*Work to complete*: The records follow. Copy them exactly, but omit the pictures.

Items from a data source
•••••

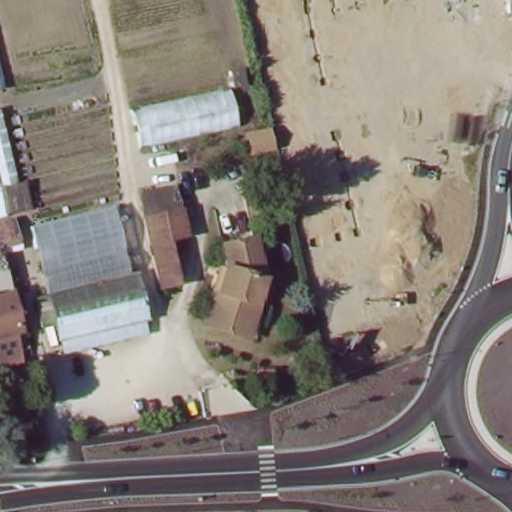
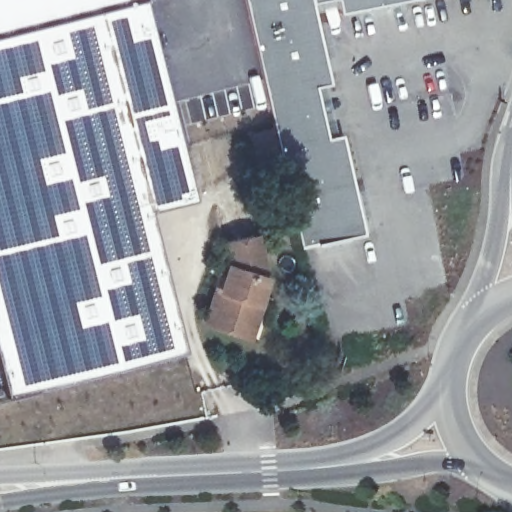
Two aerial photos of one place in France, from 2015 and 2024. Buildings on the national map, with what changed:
new [(0,32),(0,0),(122,0),(97,7),(0,32)]
new [(122,0),(142,0),(175,130),(191,197),(145,208),(181,350),(129,363),(18,387),(0,318),(0,32),(97,7),(122,0)]
unchanged [(311,6),(330,86),(315,90),(321,115),(274,126),(245,0),(308,0),(310,6),(311,6)]
new [(338,16),(335,1),(311,6),(310,6),(308,0),(410,0),(411,0),(338,16)]
demolished [(19,90),(0,95),(0,23),(19,90)]
demolished [(246,129),(145,152),(138,118),(236,92),(246,129)]
new [(321,115),(327,140),(342,137),(365,236),(304,251),(274,126),(321,115)]
demolished [(177,252),(185,296),(163,300),(145,214),(189,205),(198,248),(177,252)]
demolished [(13,224),(15,230),(18,247),(4,250),(13,296),(20,335),(0,339),(0,227),(13,224)]
unchanged [(257,339),(212,325),(216,313),(222,289),(227,291),(237,261),(231,248),(262,240),(272,271),(267,280),(271,281),(264,302),(269,303),(257,339)]

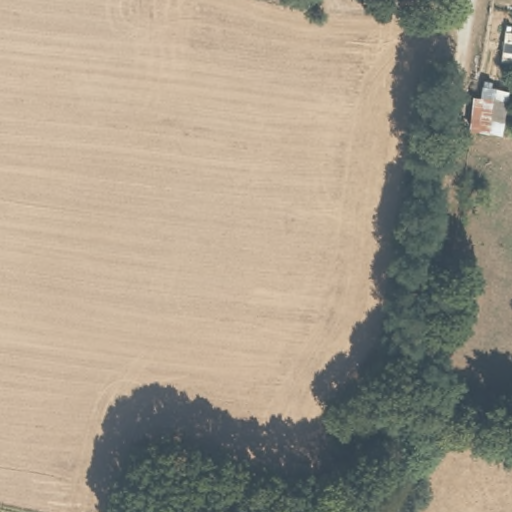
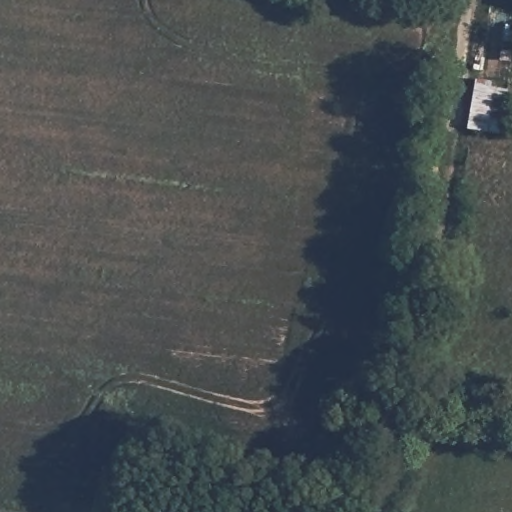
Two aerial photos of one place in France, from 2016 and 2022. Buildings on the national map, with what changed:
unchanged [(493,101),(506,102),(502,138),(488,133),(493,101)]

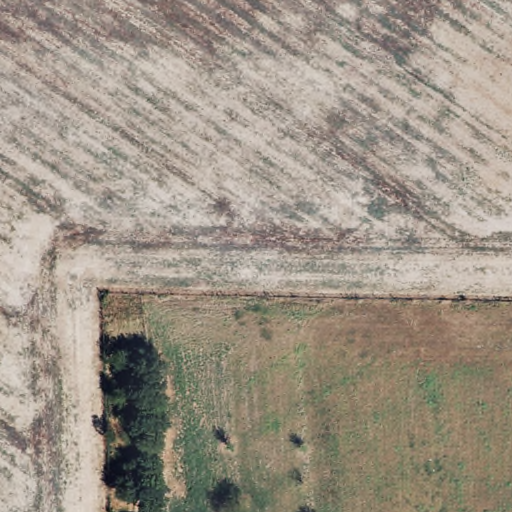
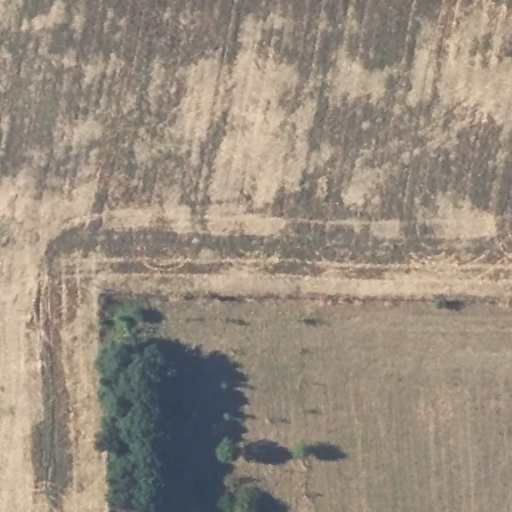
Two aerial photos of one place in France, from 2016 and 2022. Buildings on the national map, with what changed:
[]

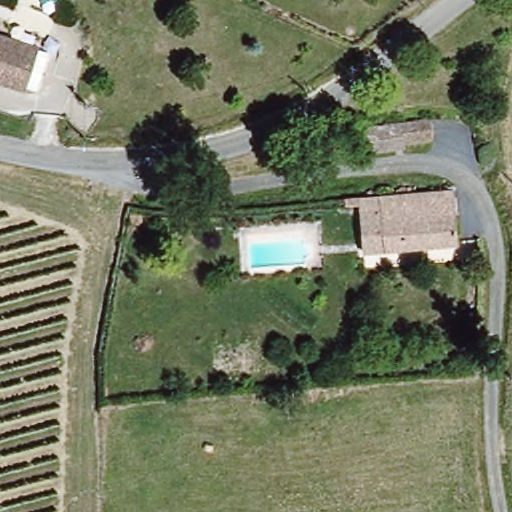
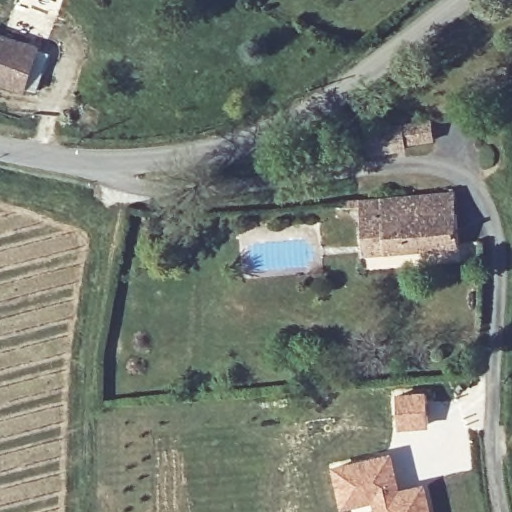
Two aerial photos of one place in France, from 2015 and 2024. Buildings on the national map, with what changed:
unchanged [(43,58),(32,96),(15,91),(13,96),(0,92),(0,45),(43,58)]
unchanged [(363,131),(430,125),(432,144),(400,147),(400,151),(363,153),(363,131)]
unchanged [(357,223),(378,221),(378,219),(357,222),(357,212),(340,214),(337,204),(454,195),(457,248),(382,253),(361,256),(357,223)]
new [(426,390),(430,427),(397,429),(395,393),(426,390)]
new [(400,487),(425,482),(432,512),(371,512),(368,504),(340,511),(328,465),(391,451),(400,487)]

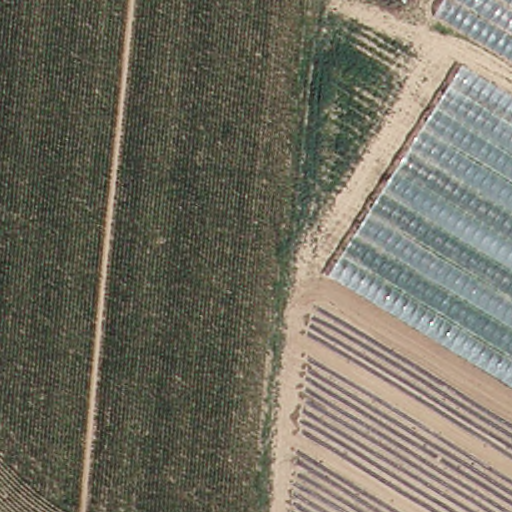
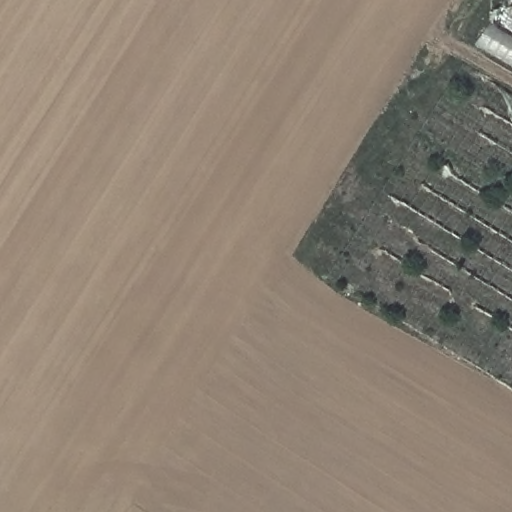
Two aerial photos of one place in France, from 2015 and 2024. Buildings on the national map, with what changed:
new [(496,0),(512,0),(512,61),(472,37),(496,0)]
new [(461,65),(512,95),(512,384),(331,272),(461,65)]

•••••

*Response for this exercise*:
Two aerial photos of one place in France, from 2015 and 2024. Buildings on the national map, with what changed:
new [(0,32),(0,0),(122,0),(97,7),(0,32)]
new [(122,0),(142,0),(175,130),(191,197),(145,208),(181,350),(129,363),(18,387),(0,318),(0,32),(97,7),(122,0)]
unchanged [(311,6),(330,86),(315,90),(321,115),(274,126),(245,0),(308,0),(310,6),(311,6)]
new [(338,16),(335,1),(311,6),(310,6),(308,0),(410,0),(411,0),(338,16)]
demolished [(19,90),(0,95),(0,23),(19,90)]
demolished [(246,129),(145,152),(138,118),(236,92),(246,129)]
new [(321,115),(327,140),(342,137),(365,236),(304,251),(274,126),(321,115)]
demolished [(177,252),(185,296),(163,300),(145,214),(189,205),(198,248),(177,252)]
demolished [(13,224),(15,230),(18,247),(4,250),(13,296),(20,335),(0,339),(0,227),(13,224)]
unchanged [(257,339),(212,325),(216,313),(222,289),(227,291),(237,261),(231,248),(262,240),(272,271),(267,280),(271,281),(264,302),(269,303),(257,339)]

Two aerial photos of one place in France, from 2016 and 2022. Buildings on the national map, with what changed:
unchanged [(493,101),(506,102),(502,138),(488,133),(493,101)]

Two aerial photos of one place in France, from 2016 and 2022. Buildings on the national map, with what changed:
[]

Two aerial photos of one place in France, from 2015 and 2024. Buildings on the national map, with what changed:
unchanged [(43,58),(32,96),(15,91),(13,96),(0,92),(0,45),(43,58)]
unchanged [(363,131),(430,125),(432,144),(400,147),(400,151),(363,153),(363,131)]
unchanged [(357,223),(378,221),(378,219),(357,222),(357,212),(340,214),(337,204),(454,195),(457,248),(382,253),(361,256),(357,223)]
new [(426,390),(430,427),(397,429),(395,393),(426,390)]
new [(400,487),(425,482),(432,512),(371,512),(368,504),(340,511),(328,465),(391,451),(400,487)]

Two aerial photos of one place in France, from 2015 and 2024. Buildings on the national map, with what changed:
new [(496,0),(512,0),(512,61),(472,37),(496,0)]
new [(461,65),(512,95),(512,384),(331,272),(461,65)]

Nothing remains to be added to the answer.